··· Source information

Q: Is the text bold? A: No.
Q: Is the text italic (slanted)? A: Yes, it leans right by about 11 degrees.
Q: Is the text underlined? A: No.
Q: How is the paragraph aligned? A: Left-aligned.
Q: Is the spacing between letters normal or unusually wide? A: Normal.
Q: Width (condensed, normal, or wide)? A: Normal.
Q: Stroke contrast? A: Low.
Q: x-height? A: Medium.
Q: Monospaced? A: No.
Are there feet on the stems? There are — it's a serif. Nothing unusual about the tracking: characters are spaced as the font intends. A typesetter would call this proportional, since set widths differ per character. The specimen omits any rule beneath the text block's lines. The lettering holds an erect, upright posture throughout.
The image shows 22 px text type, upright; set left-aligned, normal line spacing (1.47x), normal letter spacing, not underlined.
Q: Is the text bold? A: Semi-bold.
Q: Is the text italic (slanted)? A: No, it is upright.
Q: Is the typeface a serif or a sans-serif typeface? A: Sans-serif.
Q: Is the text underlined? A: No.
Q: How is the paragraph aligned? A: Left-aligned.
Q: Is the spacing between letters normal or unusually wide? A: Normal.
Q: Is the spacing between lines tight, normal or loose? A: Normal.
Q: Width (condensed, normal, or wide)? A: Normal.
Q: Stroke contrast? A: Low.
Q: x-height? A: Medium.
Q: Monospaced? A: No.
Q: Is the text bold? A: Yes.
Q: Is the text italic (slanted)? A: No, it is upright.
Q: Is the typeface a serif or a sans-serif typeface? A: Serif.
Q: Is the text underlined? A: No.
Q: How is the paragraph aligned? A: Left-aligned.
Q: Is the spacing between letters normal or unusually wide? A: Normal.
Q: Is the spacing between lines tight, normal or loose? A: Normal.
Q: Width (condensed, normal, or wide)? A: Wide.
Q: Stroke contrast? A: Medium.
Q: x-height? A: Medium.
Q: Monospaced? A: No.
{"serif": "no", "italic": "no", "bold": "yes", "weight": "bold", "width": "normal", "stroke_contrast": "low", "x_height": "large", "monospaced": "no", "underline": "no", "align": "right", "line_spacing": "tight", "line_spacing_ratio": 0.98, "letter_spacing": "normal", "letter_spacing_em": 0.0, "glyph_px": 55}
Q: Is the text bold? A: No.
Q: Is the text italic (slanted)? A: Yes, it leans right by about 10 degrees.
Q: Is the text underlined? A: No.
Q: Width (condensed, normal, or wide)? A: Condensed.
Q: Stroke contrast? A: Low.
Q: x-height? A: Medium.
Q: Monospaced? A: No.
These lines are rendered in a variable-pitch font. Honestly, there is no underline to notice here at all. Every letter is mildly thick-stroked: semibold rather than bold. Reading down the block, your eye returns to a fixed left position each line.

······

### [Problem statement]
Exact copy required. Retype all of the entries word for word.

### [Output below]
Q: Is the text bold? A: No.
Q: Is the text italic (slanted)? A: Yes, it leans right by about 11 degrees.
Q: Is the text underlined? A: No.
Q: How is the paragraph aligned? A: Left-aligned.
Q: Is the spacing between letters normal or unusually wide? A: Normal.
Q: Width (condensed, normal, or wide)? A: Normal.
Q: Stroke contrast? A: Low.
Q: x-height? A: Medium.
Q: Monospaced? A: No.
Are there feet on the stems? There are — it's a serif. Nothing unusual about the tracking: characters are spaced as the font intends. A typesetter would call this proportional, since set widths differ per character. The specimen omits any rule beneath the text block's lines. The lettering holds an erect, upright posture throughout.
The image shows 22 px text type, upright; set left-aligned, normal line spacing (1.47x), normal letter spacing, not underlined.
Q: Is the text bold? A: Semi-bold.
Q: Is the text italic (slanted)? A: No, it is upright.
Q: Is the typeface a serif or a sans-serif typeface? A: Sans-serif.
Q: Is the text underlined? A: No.
Q: How is the paragraph aligned? A: Left-aligned.
Q: Is the spacing between letters normal or unusually wide? A: Normal.
Q: Is the spacing between lines tight, normal or loose? A: Normal.
Q: Width (condensed, normal, or wide)? A: Normal.
Q: Stroke contrast? A: Low.
Q: x-height? A: Medium.
Q: Monospaced? A: No.
Q: Is the text bold? A: Yes.
Q: Is the text italic (slanted)? A: No, it is upright.
Q: Is the typeface a serif or a sans-serif typeface? A: Serif.
Q: Is the text underlined? A: No.
Q: How is the paragraph aligned? A: Left-aligned.
Q: Is the spacing between letters normal or unusually wide? A: Normal.
Q: Is the spacing between lines tight, normal or loose? A: Normal.
Q: Width (condensed, normal, or wide)? A: Wide.
Q: Stroke contrast? A: Medium.
Q: x-height? A: Medium.
Q: Monospaced? A: No.
{"serif": "no", "italic": "no", "bold": "yes", "weight": "bold", "width": "normal", "stroke_contrast": "low", "x_height": "large", "monospaced": "no", "underline": "no", "align": "right", "line_spacing": "tight", "line_spacing_ratio": 0.98, "letter_spacing": "normal", "letter_spacing_em": 0.0, "glyph_px": 55}
Q: Is the text bold? A: No.
Q: Is the text italic (slanted)? A: Yes, it leans right by about 10 degrees.
Q: Is the text underlined? A: No.
Q: Width (condensed, normal, or wide)? A: Condensed.
Q: Stroke contrast? A: Low.
Q: x-height? A: Medium.
Q: Monospaced? A: No.
These lines are rendered in a variable-pitch font. Honestly, there is no underline to notice here at all. Every letter is mildly thick-stroked: semibold rather than bold. Reading down the block, your eye returns to a fixed left position each line.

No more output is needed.